▶ [PROBLEM STATEMENT] Repeat exactly the lines that run from the start of the records below to the line with "<!DOCTYPE svg PUBLIC", including both of those lines but not the pictures.

Segment Start: AVAILABLE RECORDS

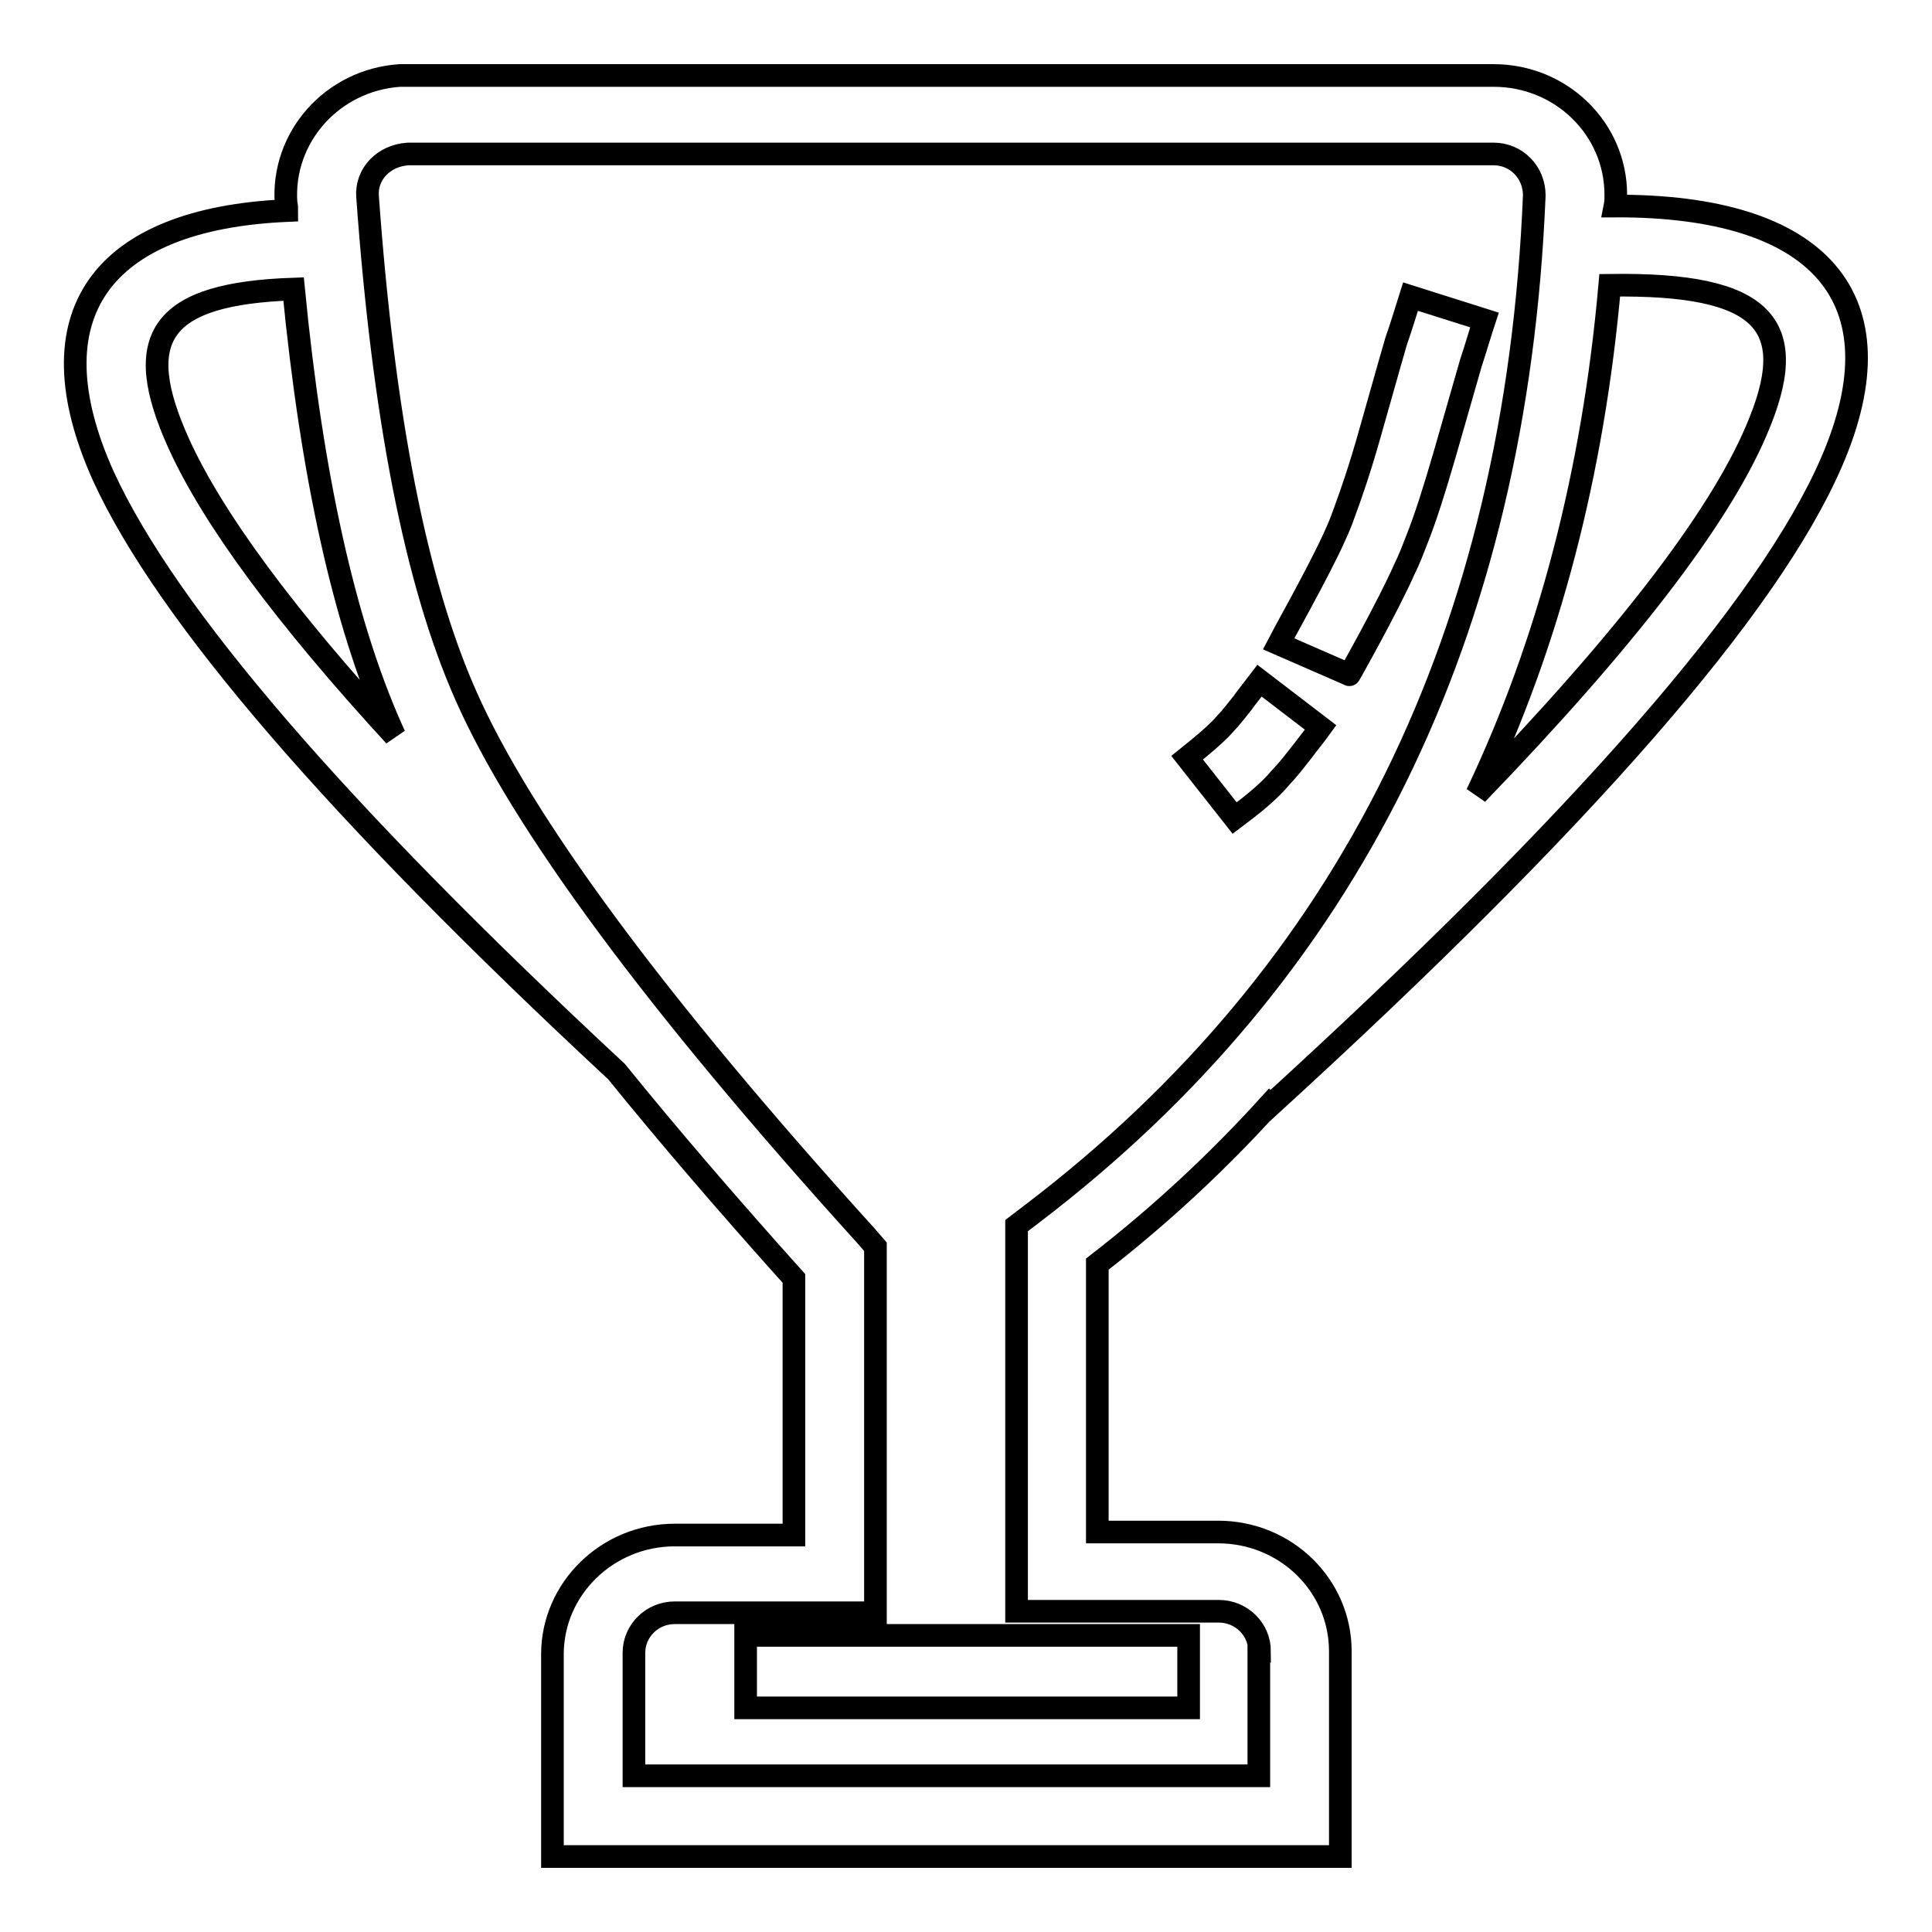 <?xml version="1.0" encoding="utf-8"?>
<!-- Svg Vector Icons : http://www.onlinewebfonts.com/icon -->
<!DOCTYPE svg PUBLIC "-//W3C//DTD SVG 1.1//EN" "http://www.w3.org/Graphics/SVG/1.1/DTD/svg11.dtd">
<svg version="1.1" xmlns="http://www.w3.org/2000/svg" xmlns:xlink="http://www.w3.org/1999/xlink" x="0px" y="0px" viewBox="0 0 256 256" enable-background="new 0 0 256 256" xml:space="preserve">
<g> <path stroke-width="3" fill-opacity="0" stroke="#000000"  d="M166.9,218.8c0-2.9-2.4-5.3-5.4-5.3h-26.8v-51.1l2.1-1.6c42-32,64.1-76.8,66.5-134.9c0-3.1-2.4-5.5-5.4-5.5 l-143.8,0c-3.3,0.2-5.6,2.7-5.4,5.6c2.1,29.2,6.4,51.2,13,66.1c7.4,16.8,25.1,40.8,53,71.6l1.3,1.5v48.5H89.4c-3,0-5.4,2.4-5.4,5.3 v16.3h82.8V218.8L166.9,218.8z M38,27.9c0-0.3,0-0.7-0.1-1C37.3,18.2,44,10.6,53,10c0.6,0,0.6,0,1.1,0l143.8,0 c9,0,16.2,7.1,16.2,15.8c0,0.5,0,1-0.1,1.5c27.1-0.1,38.1,12.2,28.7,33.9c-8.3,19.2-33,47.5-74.4,85.3l-0.1-0.1 c-6.8,7.5-14.4,14.6-22.8,21.1V203h16c9,0,16.2,7.1,16.2,15.8V246H73.2v-26.8c0-8.7,7.3-15.8,16.2-15.8h15.8v-34 c-8.8-9.8-16.7-19-23.5-27.4c-37-34.4-59.6-60.6-68-78.9C4.1,41.8,13.3,29,38,27.9L38,27.9z M38.9,38.3 c-17.7,0.6-21.6,6.4-15.2,20.5c4.5,9.9,14,22.8,28.6,38.7c-0.2-0.4-0.3-0.7-0.5-1.1C45.6,82.4,41.3,63,38.9,38.3L38.9,38.3z  M213.3,37.8c-2.2,24.9-8.1,47.4-17.6,67.4c19.6-20.3,32-36.4,37-48.1C238.8,43,233.9,37.5,213.3,37.8z M98.8,226.3v-9.6h58.7v9.6 H98.8z M186.9,39.3l9.8,3.1c-0.6,1.8-1.1,3.6-1.8,5.7c-0.7,2.5-3.2,11.1-3.5,12.2c-1.4,4.8-2.5,8.3-3.7,11.3 c-0.5,1.3-1,2.6-1.6,3.8c-2.2,5-7.5,14.4-7.3,14l-9.4-4.1c0.1-0.2,5.3-9.5,7.3-13.9c0.5-1.1,1-2.2,1.4-3.4c1-2.7,2.1-5.9,3.4-10.5 c0.3-1,2.7-9.6,3.5-12.3C185.7,43.2,186.3,41.2,186.9,39.3z M166.9,90.2l8.1,6.2c-0.5,0.7-2.1,2.7-2.3,3c-0.8,1-1.4,1.8-2,2.5 c-0.5,0.6-1.1,1.2-1.6,1.8c-1.4,1.5-3.1,2.9-5.5,4.7l-6.3-8c2-1.6,3.3-2.7,4.4-3.8c0.4-0.4,0.8-0.9,1.2-1.3c0.5-0.6,1-1.2,1.7-2.1 C164.7,93,166.3,91,166.9,90.2z"/></g>
</svg>

Segment End: AVAILABLE RECORDS

▶ [THE COMPLETED TASK]
 <?xml version="1.0" encoding="utf-8"?>
<!-- Svg Vector Icons : http://www.onlinewebfonts.com/icon -->
<!DOCTYPE svg PUBLIC "-//W3C//DTD SVG 1.1//EN" "http://www.w3.org/Graphics/SVG/1.1/DTD/svg11.dtd">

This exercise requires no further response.